Collected data
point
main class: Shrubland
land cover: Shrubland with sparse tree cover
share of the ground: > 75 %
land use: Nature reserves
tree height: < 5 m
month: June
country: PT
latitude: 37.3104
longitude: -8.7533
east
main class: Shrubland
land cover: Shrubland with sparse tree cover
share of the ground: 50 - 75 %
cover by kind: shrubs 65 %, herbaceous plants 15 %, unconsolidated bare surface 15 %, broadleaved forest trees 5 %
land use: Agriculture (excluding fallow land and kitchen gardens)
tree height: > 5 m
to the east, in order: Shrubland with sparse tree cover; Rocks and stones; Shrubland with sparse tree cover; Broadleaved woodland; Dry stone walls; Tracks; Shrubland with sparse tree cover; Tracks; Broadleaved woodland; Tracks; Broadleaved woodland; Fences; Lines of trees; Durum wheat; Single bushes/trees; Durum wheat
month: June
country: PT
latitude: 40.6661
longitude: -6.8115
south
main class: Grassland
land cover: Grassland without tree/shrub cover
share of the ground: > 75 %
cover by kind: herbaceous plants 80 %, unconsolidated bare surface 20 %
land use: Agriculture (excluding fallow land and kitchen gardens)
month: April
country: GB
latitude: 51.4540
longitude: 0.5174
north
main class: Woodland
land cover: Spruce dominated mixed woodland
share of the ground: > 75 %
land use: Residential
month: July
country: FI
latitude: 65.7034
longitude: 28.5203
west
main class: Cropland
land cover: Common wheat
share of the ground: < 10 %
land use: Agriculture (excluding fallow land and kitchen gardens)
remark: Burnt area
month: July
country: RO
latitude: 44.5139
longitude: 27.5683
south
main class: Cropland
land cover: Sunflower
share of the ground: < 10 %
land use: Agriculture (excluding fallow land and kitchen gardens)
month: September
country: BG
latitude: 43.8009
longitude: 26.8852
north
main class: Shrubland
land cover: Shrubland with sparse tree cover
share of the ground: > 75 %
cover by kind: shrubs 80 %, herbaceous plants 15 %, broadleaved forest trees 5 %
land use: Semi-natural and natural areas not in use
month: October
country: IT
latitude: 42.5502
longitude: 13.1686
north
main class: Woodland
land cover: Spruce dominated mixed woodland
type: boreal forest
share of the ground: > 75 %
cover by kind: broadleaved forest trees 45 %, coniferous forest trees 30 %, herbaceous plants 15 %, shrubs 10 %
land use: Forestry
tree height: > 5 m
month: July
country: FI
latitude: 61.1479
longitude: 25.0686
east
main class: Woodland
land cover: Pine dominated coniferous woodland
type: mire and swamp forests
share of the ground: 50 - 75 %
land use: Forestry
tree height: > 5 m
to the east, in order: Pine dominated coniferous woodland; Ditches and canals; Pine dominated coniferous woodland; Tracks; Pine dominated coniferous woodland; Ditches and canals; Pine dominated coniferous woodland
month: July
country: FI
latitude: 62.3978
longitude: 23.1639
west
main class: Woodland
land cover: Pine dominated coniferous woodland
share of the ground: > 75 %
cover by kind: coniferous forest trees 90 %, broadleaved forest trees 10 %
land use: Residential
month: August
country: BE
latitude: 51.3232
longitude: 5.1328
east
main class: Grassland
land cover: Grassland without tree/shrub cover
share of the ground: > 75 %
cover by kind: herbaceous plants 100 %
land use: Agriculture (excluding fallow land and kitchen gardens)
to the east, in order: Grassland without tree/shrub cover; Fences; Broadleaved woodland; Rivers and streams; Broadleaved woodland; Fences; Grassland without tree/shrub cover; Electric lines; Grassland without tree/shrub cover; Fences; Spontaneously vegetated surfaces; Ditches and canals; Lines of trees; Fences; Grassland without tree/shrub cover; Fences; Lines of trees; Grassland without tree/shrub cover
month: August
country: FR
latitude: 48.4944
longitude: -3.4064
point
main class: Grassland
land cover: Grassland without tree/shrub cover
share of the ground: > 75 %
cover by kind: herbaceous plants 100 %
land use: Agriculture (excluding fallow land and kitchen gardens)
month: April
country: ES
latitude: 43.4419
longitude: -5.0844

WORK ITEM: Begin with the first line of the records and reproduce each line as is, ending with the line that holds "cover by kind: shrubs 65".

EXERCISE OUTPUT:
point
main class: Shrubland
land cover: Shrubland with sparse tree cover
share of the ground: > 75 %
land use: Nature reserves
tree height: < 5 m
month: June
country: PT
latitude: 37.3104
longitude: -8.7533
east
main class: Shrubland
land cover: Shrubland with sparse tree cover
share of the ground: 50 - 75 %
cover by kind: shrubs 65 %, herbaceous plants 15 %, unconsolidated bare surface 15 %, broadleaved forest trees 5 %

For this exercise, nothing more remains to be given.